Asked what procedures the government would follow before the first man is hanged, he said, “We will follow the normal procedures.”

Yet as in the previous two attempts, the government is certain to run against opposition to the revival of the death penalty. “I feel they won’t go through it,” said professor Siripala Hettige, the country’s best-known sociologist and head of the department of sociology at Colombo University.

“But talking about it is the easiest thing to do because the government can create an illusion that they are dealing with crime,” he said.

In the past month, there have been at least 25 killings and 20 high-profile robberies from various parts of the country. A recent study by criminologists has revealed that youngsters under 25 years were involved in more than 90 percent of the crimes mainly due to unemployment, poverty and political rivalry.

Sociologists attribute the rise in crime to the growing gulf between the rich and the poor and a breakdown in acceptable norms in accumulating wealth. Hettige adds that in the present economic scenario, people have a tendency to make money at any cost.

“There is a kind of anarchy in the system of distribution and the acquisition of wealth. People want to amass wealth through any means,” he said.

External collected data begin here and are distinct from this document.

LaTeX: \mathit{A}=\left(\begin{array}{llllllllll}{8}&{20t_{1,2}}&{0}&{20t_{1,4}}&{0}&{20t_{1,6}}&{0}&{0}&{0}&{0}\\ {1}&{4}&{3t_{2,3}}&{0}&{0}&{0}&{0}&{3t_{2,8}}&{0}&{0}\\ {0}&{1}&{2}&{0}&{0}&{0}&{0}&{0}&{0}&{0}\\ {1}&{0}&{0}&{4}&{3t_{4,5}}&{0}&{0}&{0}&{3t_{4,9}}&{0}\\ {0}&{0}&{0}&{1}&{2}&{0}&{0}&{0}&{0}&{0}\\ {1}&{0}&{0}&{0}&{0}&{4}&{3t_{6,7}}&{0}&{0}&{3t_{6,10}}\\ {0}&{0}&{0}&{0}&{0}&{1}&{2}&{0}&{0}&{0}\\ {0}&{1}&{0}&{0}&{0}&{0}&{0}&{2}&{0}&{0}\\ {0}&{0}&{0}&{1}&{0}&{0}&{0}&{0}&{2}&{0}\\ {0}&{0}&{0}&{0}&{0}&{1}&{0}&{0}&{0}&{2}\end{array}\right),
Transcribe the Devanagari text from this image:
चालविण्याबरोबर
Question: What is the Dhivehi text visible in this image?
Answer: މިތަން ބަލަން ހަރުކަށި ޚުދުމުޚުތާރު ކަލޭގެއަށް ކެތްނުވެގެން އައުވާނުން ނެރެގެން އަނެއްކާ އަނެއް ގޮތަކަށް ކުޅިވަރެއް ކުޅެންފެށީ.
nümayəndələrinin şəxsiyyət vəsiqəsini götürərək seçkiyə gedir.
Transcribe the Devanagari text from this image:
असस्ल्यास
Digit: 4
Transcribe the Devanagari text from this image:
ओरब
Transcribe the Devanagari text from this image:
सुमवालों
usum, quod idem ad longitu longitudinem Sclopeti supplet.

Much of the blame on the violence has been placed on the 35,000- odd army and police deserters who are prowling the streets looking for easy money and prepared to handle contract killings or robberies for a fee.

Violence in society has turned even personal disputes into bloody confrontations, according to local media.

Sociologists add that the ongoing ethnic conflict is much to blame for the growing violence with the loss of lives become meaningless nowadays. “People are dying like flies in the war, so taking one’s life is no big deal if there is a fee involved,” one sociologist, who declined to be named, said.

More than 60,000 people have died and thousands more maimed in fighting between government troops and Tamil rebels since 1983. The rebels are demanding an independent homeland in the north and the east for their minority Tamil community.

According to some newspaper reports, Colombo gangsters have a nexus with the rebels and offer them sanctuary in the city in return for arms and cash.

According to police figures, the number of non-ethnic war murders are increasing by the day. In January to June, 608 killings were reported along with more than 4,000 robberies, bank hold-ups and minor thefts. In the whole of 1999, there were 1,711 killings and in 1998, 1,385 killings.

Two other high-profile murders last year also drew attention to the death penalty debate. The murder of a young teenage schoolboy by another teenage gang and the bloody massacre of an entire family of six outraged and shocked people and revived calls for the death penalty.

The accused in both cases have been sentenced to death.

Meantime, Justice Minister Weerakoon reckons quick trials and indictments in addition to eliminating political interference in the police force can to some extent address the rising crime statistics.

“There has to be a revamp of the police service. The police has lost its professionalism over the years due to political interference which came by way of patronage extended by parliamentarians,” he said.

But others are convinced the police are not entirely to blame for the problem.

“In our country, criminals are easily accepted back into society and not made to feel they have done something wrong. So they conveniently go back to committing the same crimes after serving a short jail term or pay a small fine,” said Jayatissa de Costa, a lawyer and member of the state-run Law Commission.